[Input records]
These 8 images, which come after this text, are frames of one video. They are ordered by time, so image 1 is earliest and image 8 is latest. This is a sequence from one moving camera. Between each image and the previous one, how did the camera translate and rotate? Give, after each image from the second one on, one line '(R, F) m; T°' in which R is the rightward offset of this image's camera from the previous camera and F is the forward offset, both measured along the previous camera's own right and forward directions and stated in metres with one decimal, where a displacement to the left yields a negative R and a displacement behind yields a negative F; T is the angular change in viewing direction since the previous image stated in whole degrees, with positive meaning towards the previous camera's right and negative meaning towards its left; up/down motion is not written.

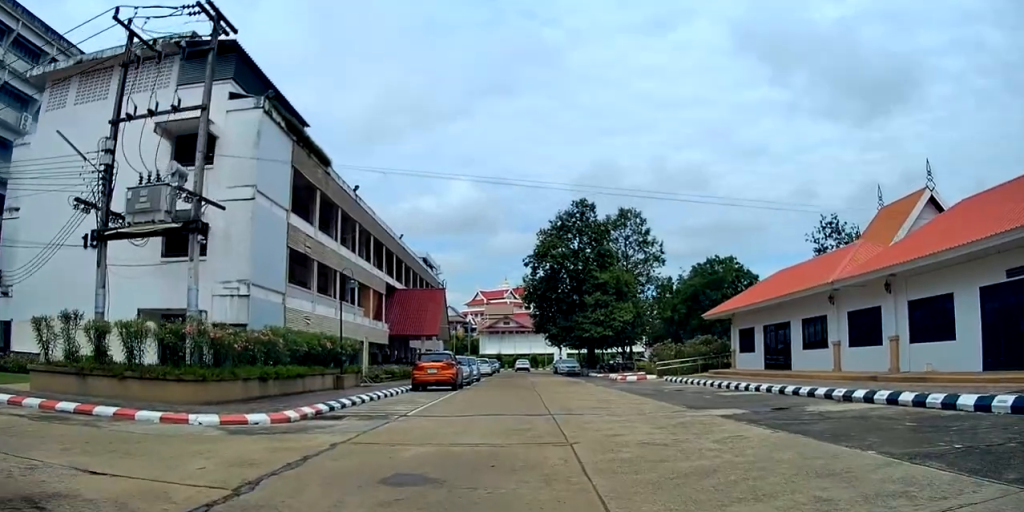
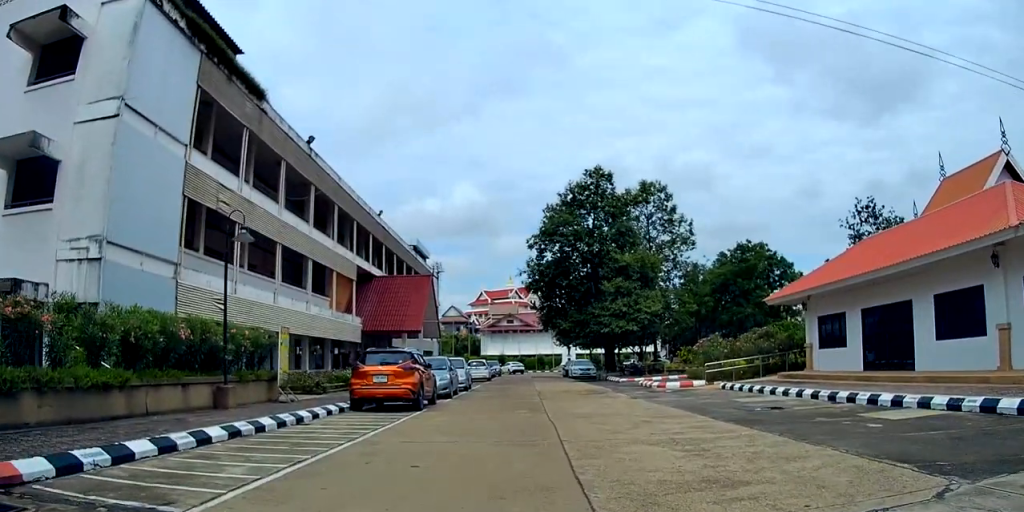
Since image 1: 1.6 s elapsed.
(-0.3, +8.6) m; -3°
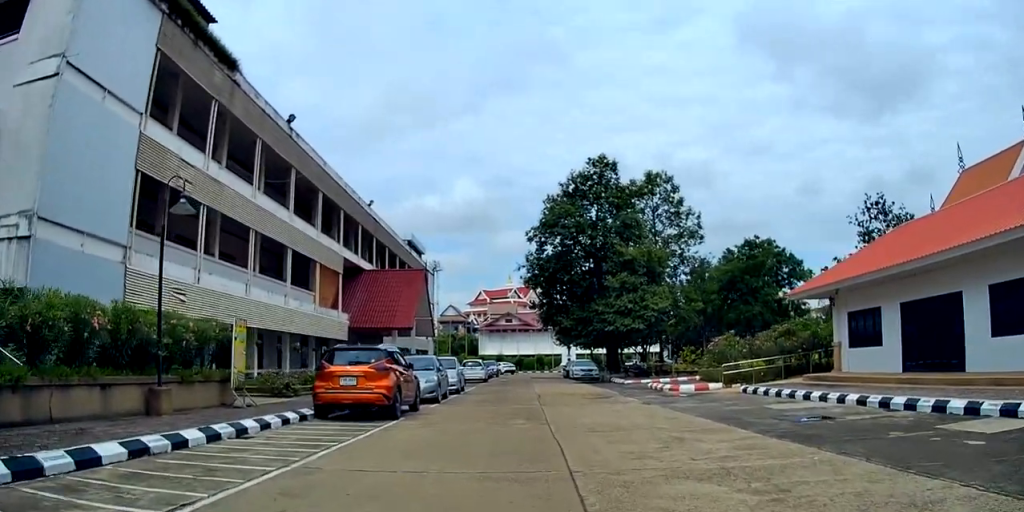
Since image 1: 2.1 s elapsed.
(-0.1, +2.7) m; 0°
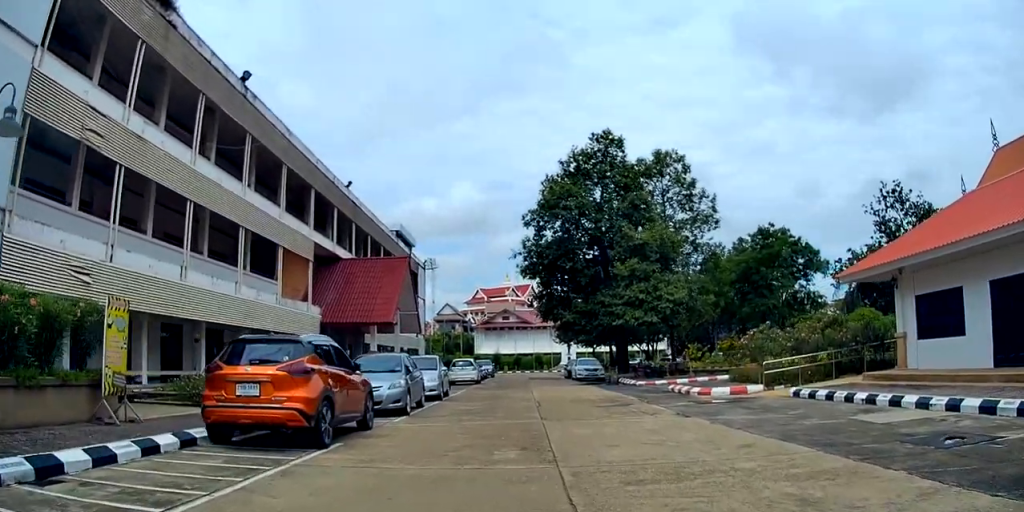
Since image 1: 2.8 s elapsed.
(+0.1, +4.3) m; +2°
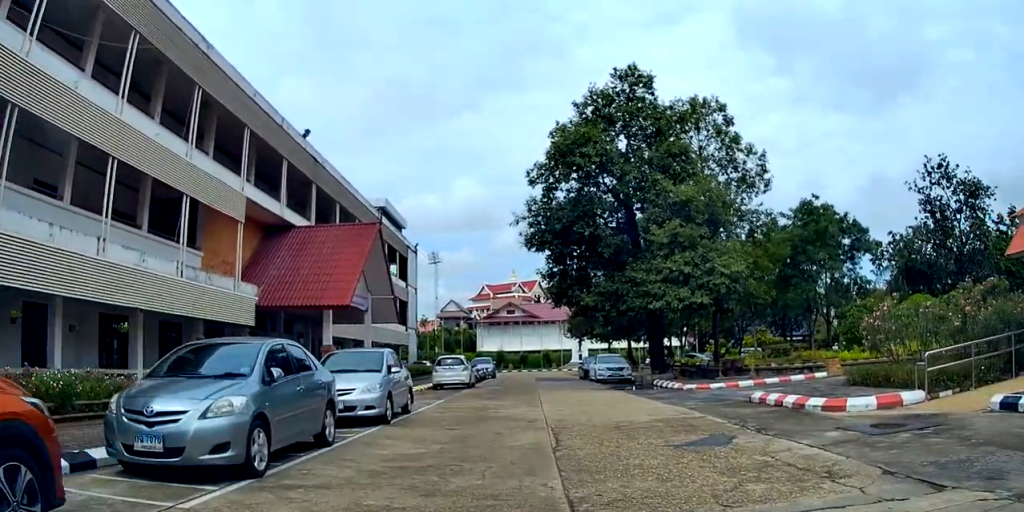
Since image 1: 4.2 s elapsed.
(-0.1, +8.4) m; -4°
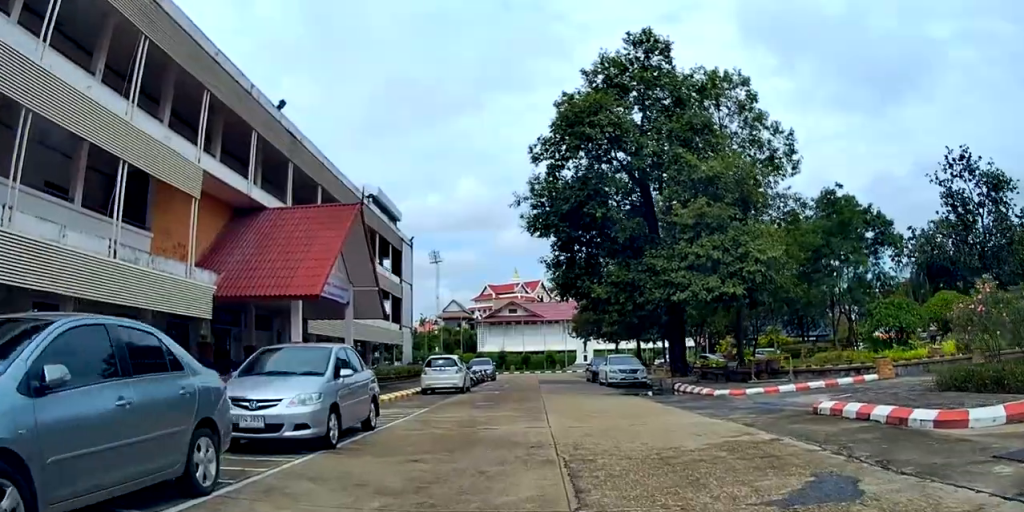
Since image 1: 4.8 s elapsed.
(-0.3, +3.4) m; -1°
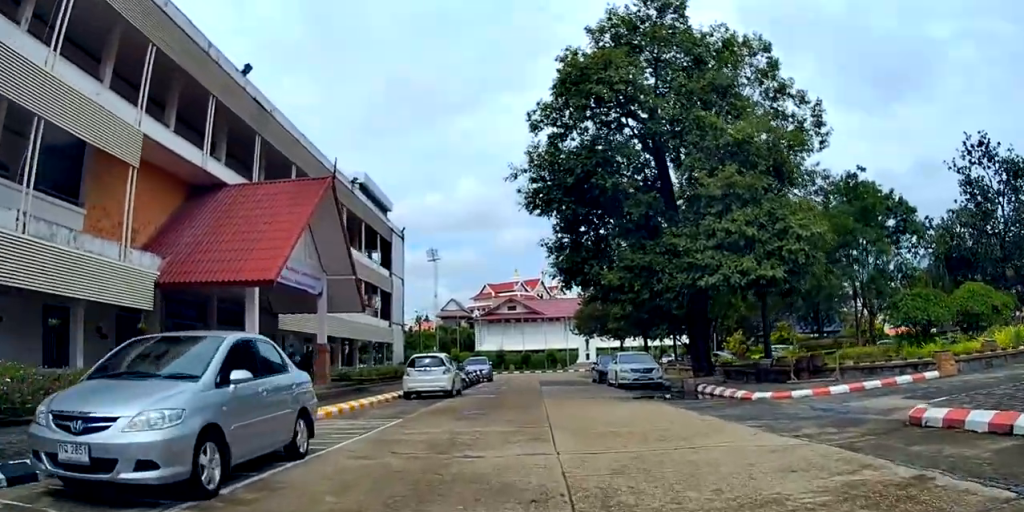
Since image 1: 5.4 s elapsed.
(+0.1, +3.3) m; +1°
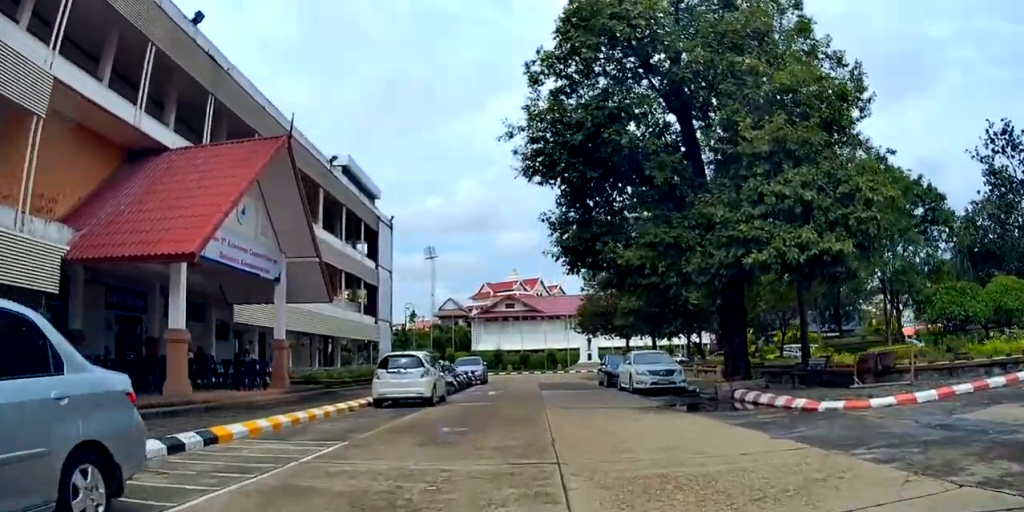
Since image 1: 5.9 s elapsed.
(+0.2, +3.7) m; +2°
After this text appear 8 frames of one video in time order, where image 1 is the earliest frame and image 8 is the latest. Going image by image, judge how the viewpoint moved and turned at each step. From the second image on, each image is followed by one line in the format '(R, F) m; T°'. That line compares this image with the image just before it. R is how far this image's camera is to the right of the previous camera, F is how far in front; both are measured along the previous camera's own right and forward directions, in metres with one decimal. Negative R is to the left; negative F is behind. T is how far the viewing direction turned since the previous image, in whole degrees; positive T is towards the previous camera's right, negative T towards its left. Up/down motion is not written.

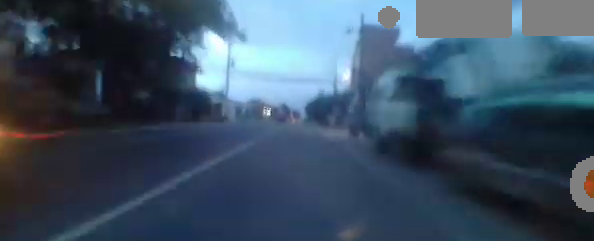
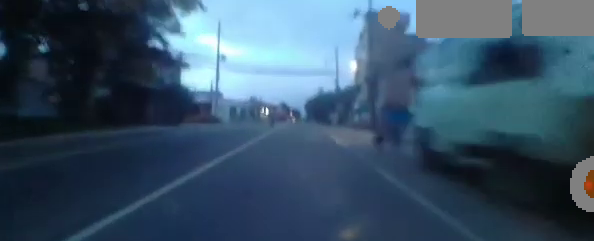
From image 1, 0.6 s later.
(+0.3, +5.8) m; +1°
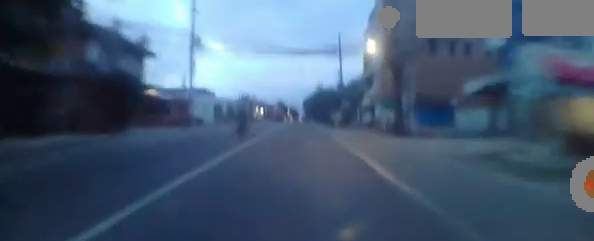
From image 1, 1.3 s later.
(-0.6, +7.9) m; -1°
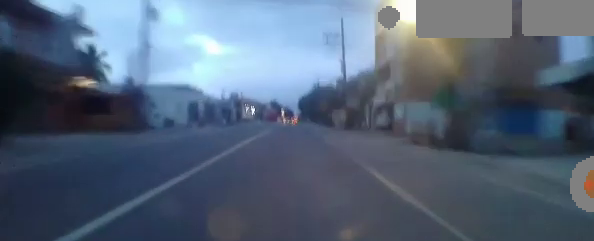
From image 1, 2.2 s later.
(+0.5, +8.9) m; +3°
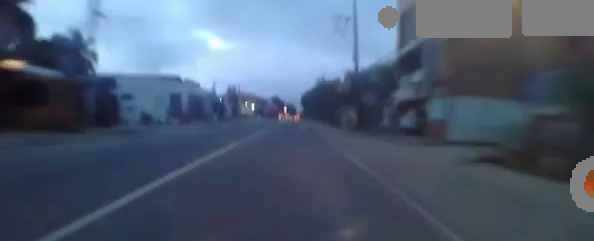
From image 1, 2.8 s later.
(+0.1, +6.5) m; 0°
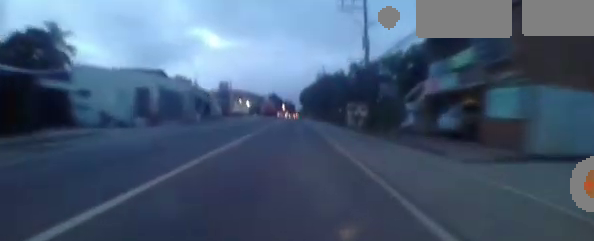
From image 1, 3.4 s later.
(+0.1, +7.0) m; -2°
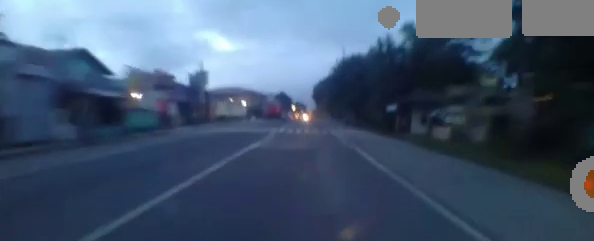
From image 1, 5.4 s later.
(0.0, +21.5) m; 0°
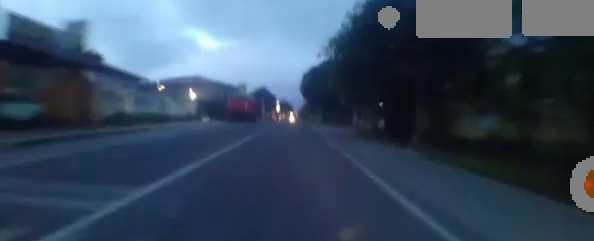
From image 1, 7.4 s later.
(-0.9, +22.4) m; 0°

[Prompt] Return every record exactly. Pictures stay out.

[Result]
These 8 images, which come after this text, are frames of one video. They are ordered by time, so image 1 is earliest and image 8 is latest. This is a sequence from one moving camera. Between each image and the previous one, how did the camera translate and rotate? Give, after each image from the second one on, one line '(R, F) m; T°' in which R is the rightward offset of this image's camera from the previous camera and F is the forward offset, both measured along the previous camera's own right and forward directions and stated in metres with one decimal, where a displacement to the left yields a negative R and a displacement behind yields a negative F; T is the angular change in viewing direction since the previous image stated in whole degrees, with positive meaning towards the previous camera's right and negative meaning towards its left; up/down motion is not written.

Since image 1: 1.6 s elapsed.
(-0.3, +8.6) m; -3°
Since image 1: 2.1 s elapsed.
(-0.1, +2.7) m; 0°
Since image 1: 2.8 s elapsed.
(+0.1, +4.3) m; +2°
Since image 1: 4.2 s elapsed.
(-0.1, +8.4) m; -4°
Since image 1: 4.8 s elapsed.
(-0.3, +3.4) m; -1°
Since image 1: 5.4 s elapsed.
(+0.1, +3.3) m; +1°
Since image 1: 5.9 s elapsed.
(+0.2, +3.7) m; +2°
After this text appear 8 frames of one video in time order, where image 1 is the earliest frame and image 8 is the latest. Going image by image, judge how the viewpoint moved and turned at each step. From the second image on, each image is followed by one line in the format '(R, F) m; T°'. That line compares this image with the image just before it. R is how far this image's camera is to the right of the previous camera, F is how far in front; both are measured along the previous camera's own right and forward directions, in metres with one decimal. Negative R is to the left; negative F is behind. T is how far the viewing direction turned since the previous image, in whole degrees; positive T is towards the previous camera's right, negative T towards its left. Up/down motion is not written.

From image 1, 0.6 s later.
(+0.3, +5.8) m; +1°
From image 1, 1.3 s later.
(-0.6, +7.9) m; -1°
From image 1, 2.2 s later.
(+0.5, +8.9) m; +3°
From image 1, 2.8 s later.
(+0.1, +6.5) m; 0°
From image 1, 3.4 s later.
(+0.1, +7.0) m; -2°
From image 1, 5.4 s later.
(0.0, +21.5) m; 0°
From image 1, 7.4 s later.
(-0.9, +22.4) m; 0°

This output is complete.